Example: Private Constructor in a Utility Class

public class MathUtils {
    // Private constructor prevents instantiation
    private MathUtils() {
        throw new UnsupportedOperationException("Utility class cannot be instantiated");
    }

    public static int add(int a, int b) {
        return a + b;
    }

    public static int subtract(int a, int b) {
        return a - b;
    }
}

// Usage
public class Main {
    public static void main(String[] args) {
        int sum = MathUtils.add(5, 3);
        System.out.println("Sum: " + sum);
        // MathUtils utils = new MathUtils(); // Error: Constructor is private
    }
}

Attempting to create an instance of MathUtils will result in a compilation error because its constructor is private.

Private Constructors in the Singleton Pattern

The Singleton pattern ensures that a class has only one instance and provides a global point of access to it. This is typically achieved by using a private constructor to restrict object creation and a static method to control access.
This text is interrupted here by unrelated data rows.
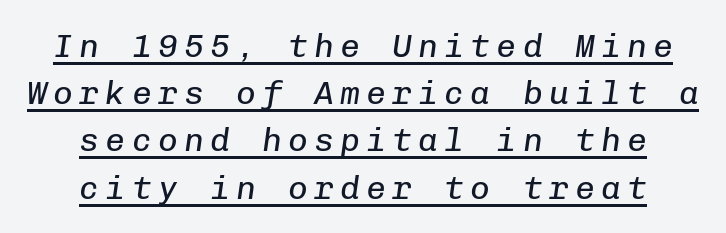
Q: Is the text bold? A: No.
Q: Is the text italic (slanted)? A: Yes, it leans right by about 8 degrees.
Q: Is the text underlined? A: Yes.
Q: How is the paragraph aligned? A: Centered.
Q: Is the spacing between lines tight, normal or loose? A: Normal.
Q: Width (condensed, normal, or wide)? A: Normal.
Q: Stroke contrast? A: Low.
Q: x-height? A: Medium.
Q: Monospaced? A: Yes.
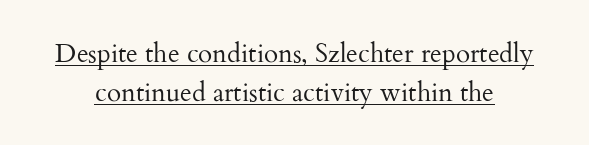
Q: Is the text bold? A: No.
Q: Is the text italic (slanted)? A: No, it is upright.
Q: Is the text underlined? A: Yes.
Q: Is the spacing between letters normal or unusually wide? A: Normal.
Q: Is the spacing between lines tight, normal or loose? A: Normal.

Example: Singleton Pattern Implementation

public class Singleton {
    // Private static instance of the class
    private static Singleton instance;

    // Private constructor prevents instantiation
    private Singleton() {
        System.out.println("Singleton instance created");
    }

    // Public method to provide access to the instance
    public static Singleton getInstance() {
        if (instance == null) {
            instance = new Singleton();
        }
        return instance;
    }
}

// Usage
public class Main {
    public static void main(String[] args) {
        Singleton s1 = Singleton.getInstance();  // Creates the instance
        Singleton s2 = Singleton.getInstance();  // Returns the existing instance

        System.out.println(s1 == s2);  // Output: true
    }
}

Explanation: The private constructor prevents external instantiation, and the getInstance() method ensures that only one instance of Singleton exists.
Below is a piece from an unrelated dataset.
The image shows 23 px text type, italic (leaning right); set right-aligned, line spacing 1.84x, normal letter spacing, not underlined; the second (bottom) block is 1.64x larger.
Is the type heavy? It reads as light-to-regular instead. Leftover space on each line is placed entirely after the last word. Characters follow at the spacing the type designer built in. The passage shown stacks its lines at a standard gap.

Advantages of Using Private Constructors in Singleton:

  • Controlled Instantiation: Prevents multiple instances.
  • Lazy Initialization: The instance is created only when needed.
  • Global Access: Provides a single point of access to the object.

More Examples Demonstrating Private Constructors

Example: Private Constructor for Immutable Class

public final class Configuration {
    private static final Configuration instance = new Configuration("config.properties");
    private String configFilePath;

    // Private constructor
    private Configuration(String path) {
        this.configFilePath = path;
    }

    public static Configuration getInstance() {
        return instance;
    }

    public String getConfigFilePath() {
        return configFilePath;
    }
}

// Usage
public class Main {
    public static void main(String[] args) {
        Configuration config = Configuration.getInstance();
        System.out.println("Config Path: " + config.getConfigFilePath());
    }
}

Explanation: This design ensures that Configuration is immutable and has only one instance throughout the application.

Example: Preventing Subclassing with Private Constructor


public class FinalUtility {
    private FinalUtility() {
        throw new UnsupportedOperationException("Cannot be instantiated");
    }

    public static void printMessage() {
        System.out.println("Utility method called");
    }
}

// Attempting to extend FinalUtility will result in an error

Marking a constructor as private, combined with the final keyword, prevents subclassing and instantiation.